I opted to use vim after trying both emacs and vim. Both are good, but I like the ubiquity of vim, and how simple it can be at times. Emacs is definitely more customizable / powerful, but I don't need that now (although sometimes I use Org-Mode on emacs).

Vim

Vim Tutorial: Do the tutorial on vim itself. It's really all you need to get started. Vim Adventures: Ony did the free trial, but it was so much fun to play and the idea is great. If you have disposable cash and time and want to play a game, this might be a a goo investment. : I tried to setup everything on my computer to use vim so I would get use to the commands and the modal paradigm more easily. The first thing I download was VimFx for Firefox (there is a similar extension for Chrome I beleive). Not only did it help improve my vim fluency, but my browsing is much more efficient now, I almost never reach for the mouse and I don't get distracted.

Vim plugin for Jupyter Notebook: Similar to VimFx this allows you to navigate and edit text on your notebook using vims commands. It does conflict with VimFx, so make sure you configure an easy way to disable VimFx while on the notebook.

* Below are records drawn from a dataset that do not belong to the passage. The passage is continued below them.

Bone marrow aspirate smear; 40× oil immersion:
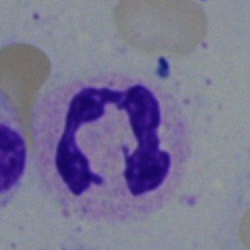Impression → segmented neutrophil.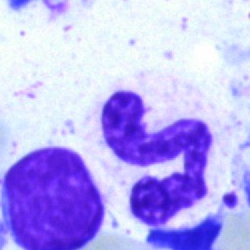The cell shown is a polymorphonuclear neutrophil.
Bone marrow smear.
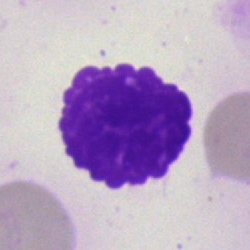 The cell type is artifact.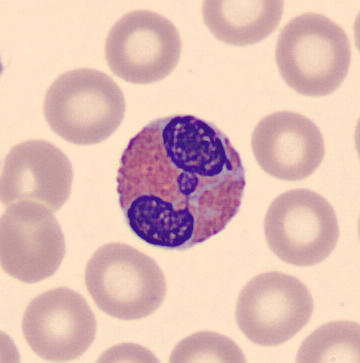 Q: What is this?
A: Eosinophilic granulocyte. Image: 360×363 px · peripheral blood smear.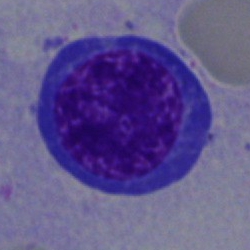Q: What is shown here?
A: It is a nucleated red blood cell.
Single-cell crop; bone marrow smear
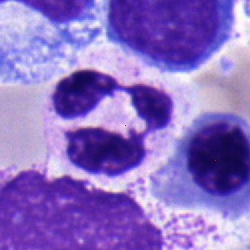Impression — segmented neutrophil.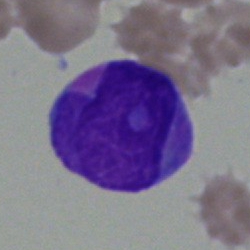Q: What is shown here?
A: It is a blast cell.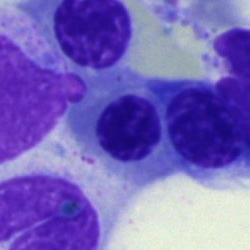 Single-cell crop from a bone marrow smear: nucleated red blood cell.
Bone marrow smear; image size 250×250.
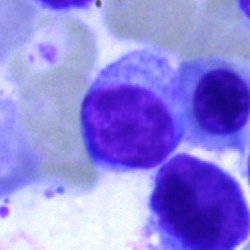 Specimen: bone marrow smear.
Classification: typical lymphocyte.
Lineage: lymphoid.
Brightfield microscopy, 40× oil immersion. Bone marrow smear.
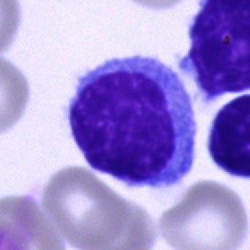Typical lymphocyte.
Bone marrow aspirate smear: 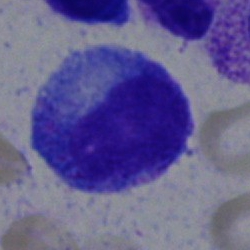

The cell shown is a myelocyte.
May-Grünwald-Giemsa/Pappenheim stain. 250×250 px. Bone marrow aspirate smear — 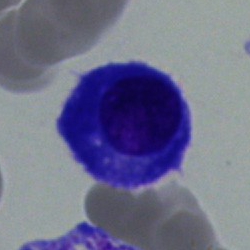 Morphological class = plasma cell.
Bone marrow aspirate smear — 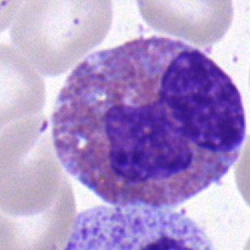 Cell: eosinophil.
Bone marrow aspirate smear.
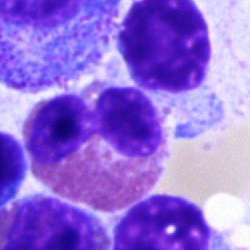
Classification = eosinophilic granulocyte.
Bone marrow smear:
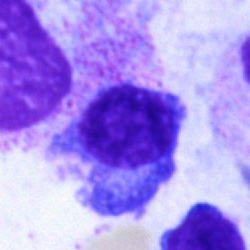

Showing a plasma cell.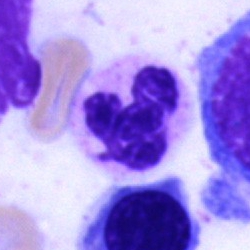

Cell: segmented neutrophil.
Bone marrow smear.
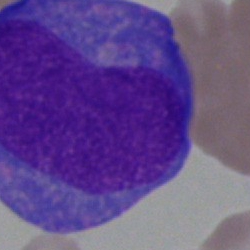
Specimen: bone marrow smear.
Morphological class: undifferentiated blast.
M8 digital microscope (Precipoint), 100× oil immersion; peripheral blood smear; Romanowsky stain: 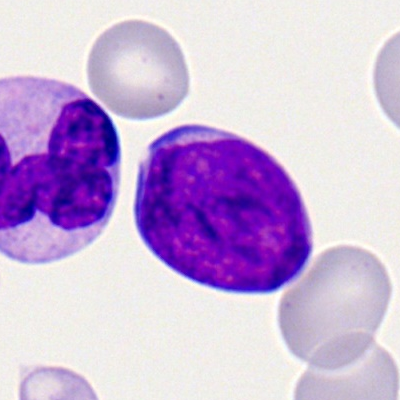
Morphology → myeloblast.

Word of caution: I found vim frustraiting in the beginning, and addictive after a while. Don't overthink it. You will become better at text editing and coding. Try not to obsess over it, in the end it's just a tool.

Blogging

I recommend starting a blog if you want to share your research. Having a blog motivates me. Also, having your work subject to public scrutiny improves your writing in several ways:

  • Increases your chance to get feedback
  • Makes you more meticulous and detail oriented
  • Displays your ideas to a wider audience and may generate conversation

In the end, blogging emulates what real work is like: you must present clear, coherent, and reproducible results.

DataQuest's Blog Setup: DataQuests does a fabulous job guiding you through setting up your blog. They use Pelican, a Python-based static site generator. I'll let them explain the process, but it's fairly straightforward (fairly, because I struggled a few hours with template details and getting use to the workflow). I followed this method to setup my blog.

List of curated Data Science Blogs: Reading other blogs will help you see and understand how othe people work and present research. Reading content also gives you idea on what to research / build, and who knows, you might even start a dialogue with another researcher. I aspire to one day be on that list.

General use of Medium: Medium has great articles on data science, and many other topics. Sometimes I will post my content there. The coolest aspect of medium is the engaged community.